#### EXERCISE INPUTS ####

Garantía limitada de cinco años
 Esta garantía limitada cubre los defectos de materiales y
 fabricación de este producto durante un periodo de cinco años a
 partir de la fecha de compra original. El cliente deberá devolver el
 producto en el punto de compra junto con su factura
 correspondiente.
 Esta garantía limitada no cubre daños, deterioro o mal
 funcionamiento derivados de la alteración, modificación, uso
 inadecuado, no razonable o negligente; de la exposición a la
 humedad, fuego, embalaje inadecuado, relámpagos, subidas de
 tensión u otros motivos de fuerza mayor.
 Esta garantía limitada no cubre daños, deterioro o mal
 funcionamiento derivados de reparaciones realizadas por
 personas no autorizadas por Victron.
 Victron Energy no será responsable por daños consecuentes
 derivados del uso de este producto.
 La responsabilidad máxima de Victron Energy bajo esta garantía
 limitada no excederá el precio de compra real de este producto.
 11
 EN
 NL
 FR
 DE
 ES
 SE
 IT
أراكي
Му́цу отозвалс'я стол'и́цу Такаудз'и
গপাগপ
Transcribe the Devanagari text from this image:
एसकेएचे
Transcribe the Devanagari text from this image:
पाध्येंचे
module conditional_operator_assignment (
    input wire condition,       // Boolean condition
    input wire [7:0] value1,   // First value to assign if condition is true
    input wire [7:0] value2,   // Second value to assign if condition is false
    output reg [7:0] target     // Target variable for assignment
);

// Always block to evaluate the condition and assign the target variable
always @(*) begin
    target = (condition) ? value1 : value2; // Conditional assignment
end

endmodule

####

◆ WORK TO COMPLETE ◆
Give back the entries exactly. Omit none of them.

◆ FINAL ANSWER ◆
Garantía limitada de cinco años
 Esta garantía limitada cubre los defectos de materiales y
 fabricación de este producto durante un periodo de cinco años a
 partir de la fecha de compra original. El cliente deberá devolver el
 producto en el punto de compra junto con su factura
 correspondiente.
 Esta garantía limitada no cubre daños, deterioro o mal
 funcionamiento derivados de la alteración, modificación, uso
 inadecuado, no razonable o negligente; de la exposición a la
 humedad, fuego, embalaje inadecuado, relámpagos, subidas de
 tensión u otros motivos de fuerza mayor.
 Esta garantía limitada no cubre daños, deterioro o mal
 funcionamiento derivados de reparaciones realizadas por
 personas no autorizadas por Victron.
 Victron Energy no será responsable por daños consecuentes
 derivados del uso de este producto.
 La responsabilidad máxima de Victron Energy bajo esta garantía
 limitada no excederá el precio de compra real de este producto.
 11
 EN
 NL
 FR
 DE
 ES
 SE
 IT
أراكي
Му́цу отозвалс'я стол'и́цу Такаудз'и
গপাগপ
Transcribe the Devanagari text from this image:
एसकेएचे
Transcribe the Devanagari text from this image:
पाध्येंचे
module conditional_operator_assignment (
    input wire condition,       // Boolean condition
    input wire [7:0] value1,   // First value to assign if condition is true
    input wire [7:0] value2,   // Second value to assign if condition is false
    output reg [7:0] target     // Target variable for assignment
);

// Always block to evaluate the condition and assign the target variable
always @(*) begin
    target = (condition) ? value1 : value2; // Conditional assignment
end

endmodule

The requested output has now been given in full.